| What you need to do |
An exact transcription of each entry below is required, without any pictures.

*** Data records Section Begins ***

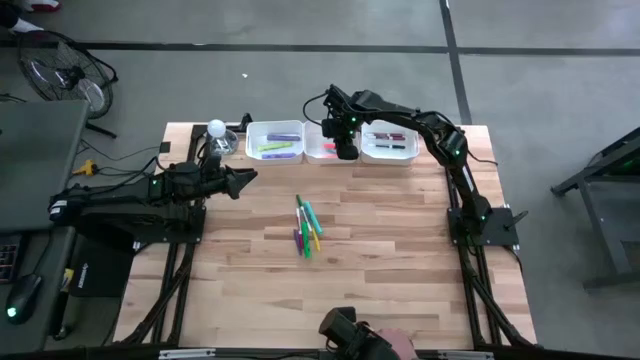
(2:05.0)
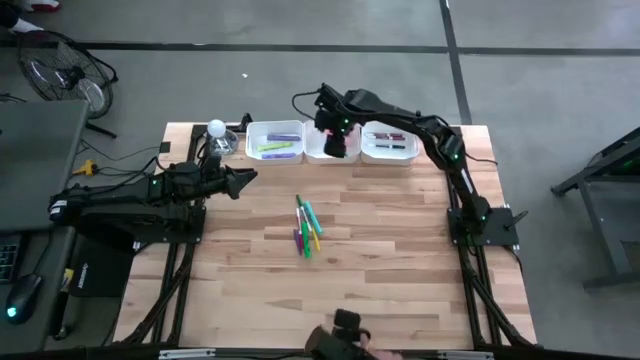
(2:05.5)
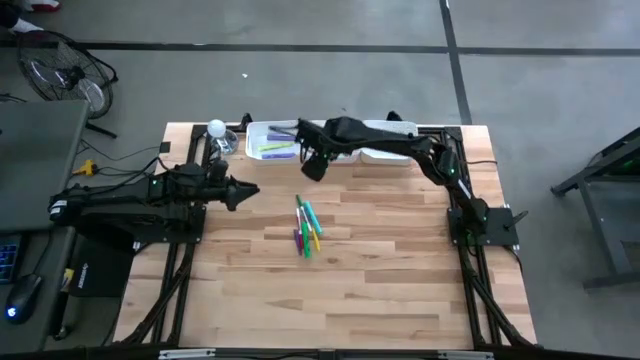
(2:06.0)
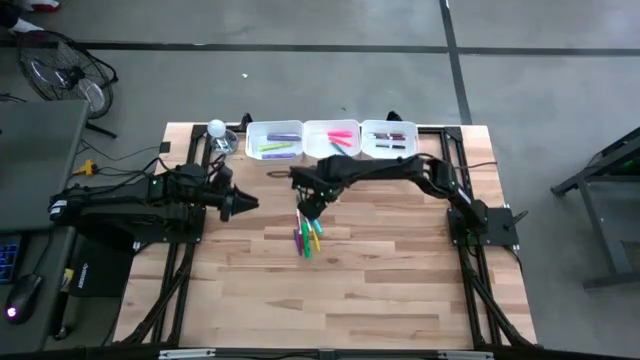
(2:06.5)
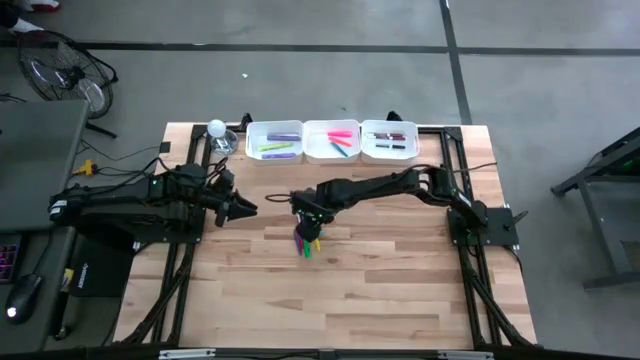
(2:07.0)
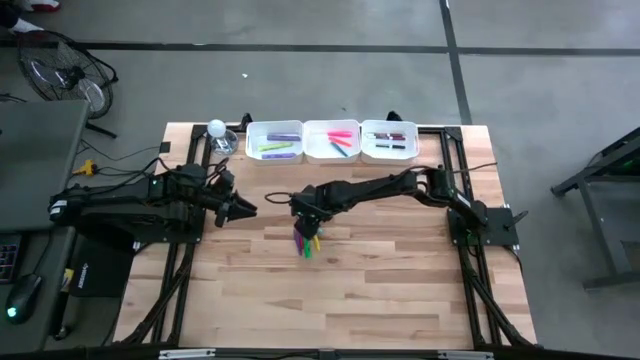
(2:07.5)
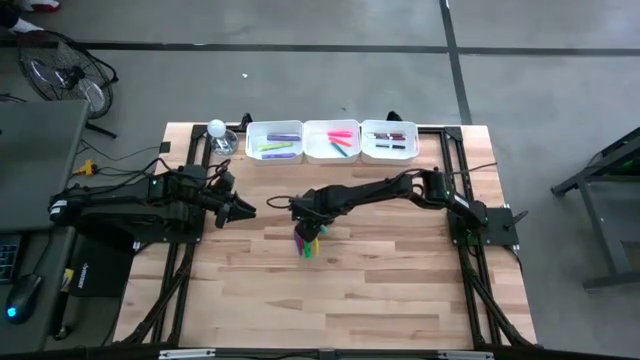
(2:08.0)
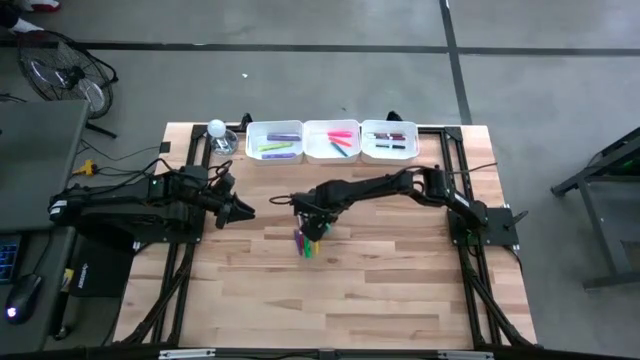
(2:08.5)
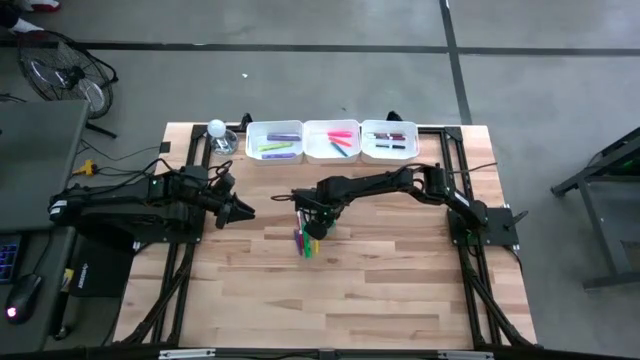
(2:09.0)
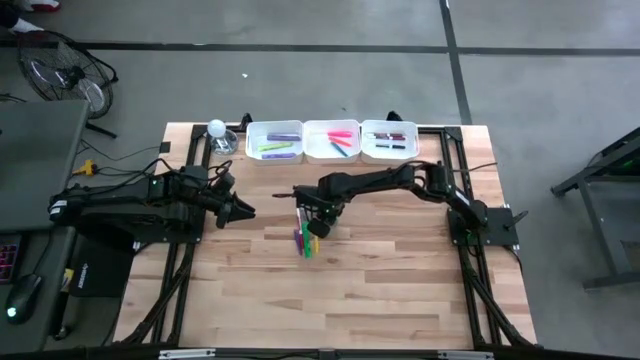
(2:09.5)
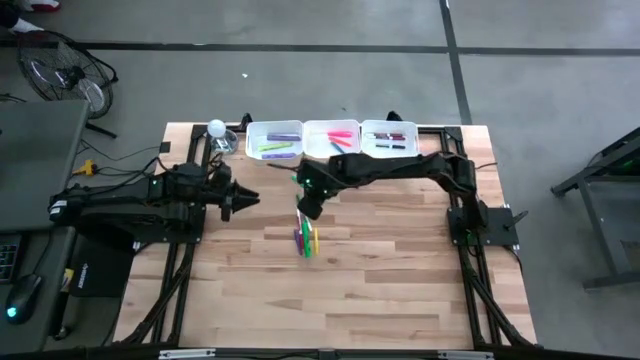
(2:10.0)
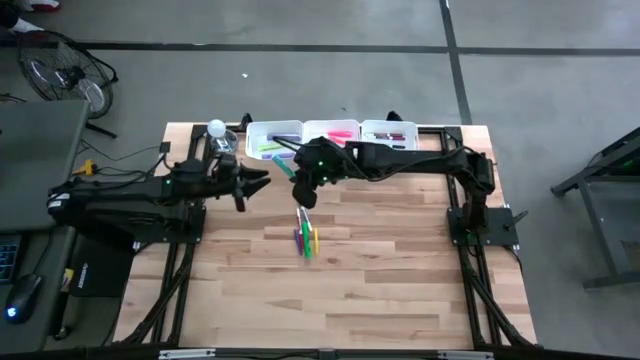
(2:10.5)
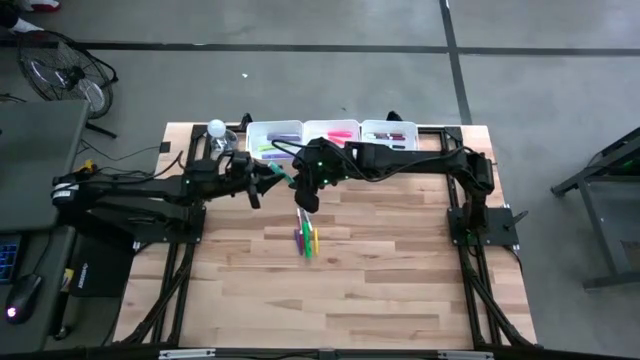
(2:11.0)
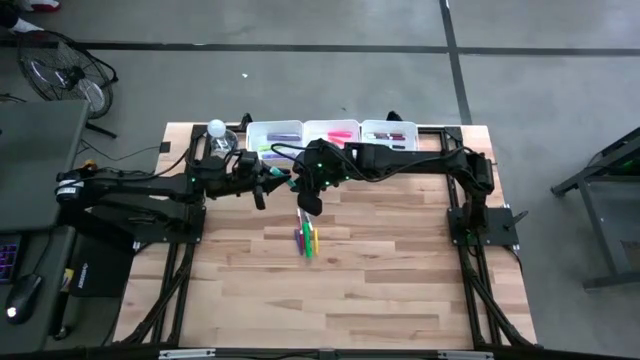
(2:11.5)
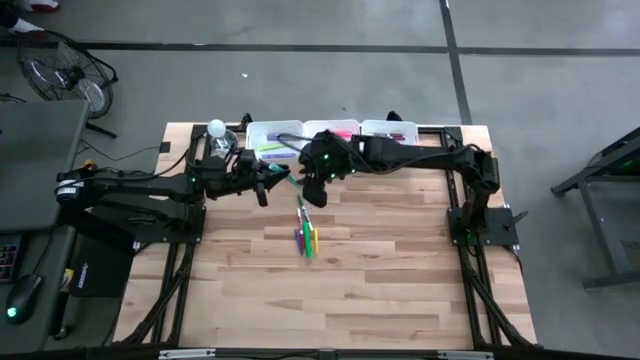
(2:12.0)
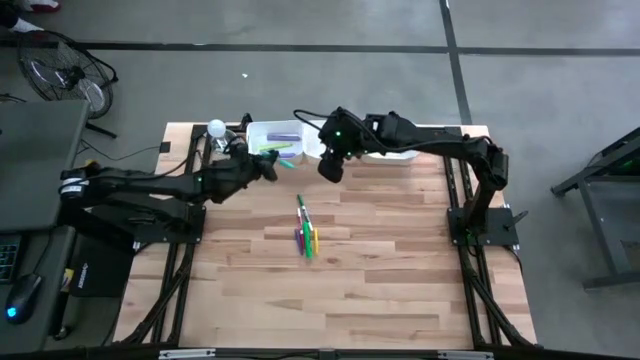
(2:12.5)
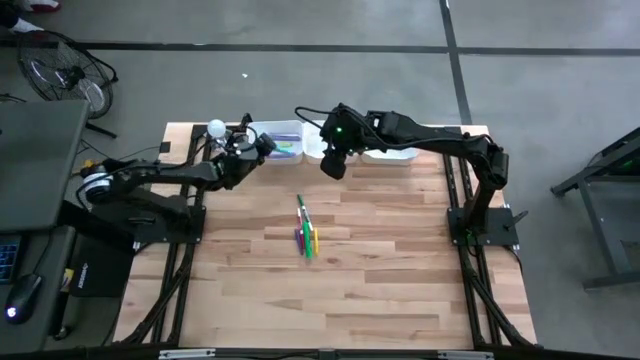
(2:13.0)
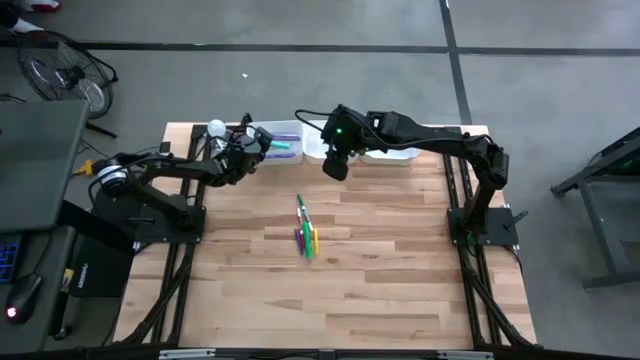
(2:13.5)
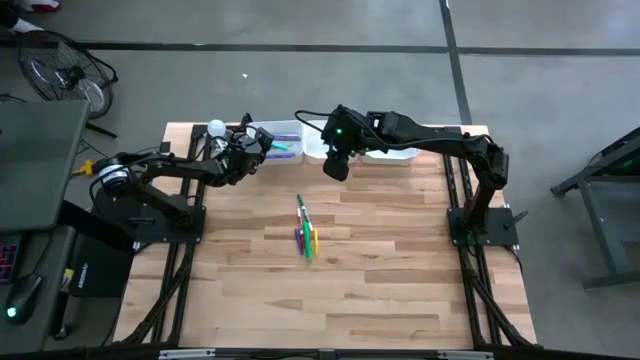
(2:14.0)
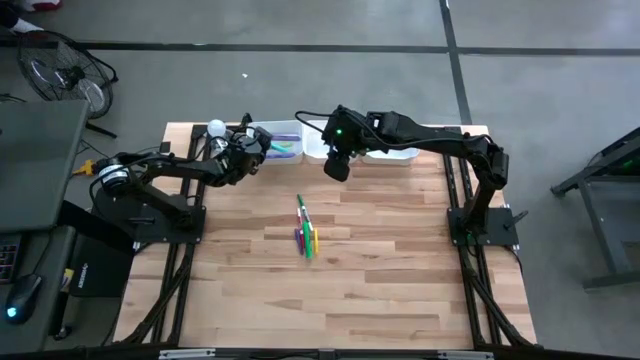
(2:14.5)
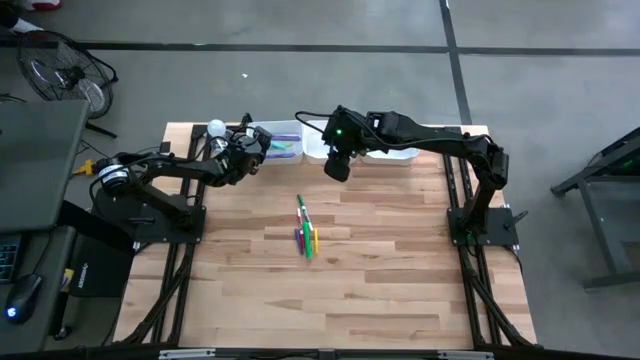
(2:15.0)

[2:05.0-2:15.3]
Put the light blue highlighter pen into the left white bin

*** Data records Section Ends ***

| Answer for this exercise |
(2:05.0)
(2:05.5)
(2:06.0)
(2:06.5)
(2:07.0)
(2:07.5)
(2:08.0)
(2:08.5)
(2:09.0)
(2:09.5)
(2:10.0)
(2:10.5)
(2:11.0)
(2:11.5)
(2:12.0)
(2:12.5)
(2:13.0)
(2:13.5)
(2:14.0)
(2:14.5)
(2:15.0)

[2:05.0-2:15.3]
Put the light blue highlighter pen into the left white bin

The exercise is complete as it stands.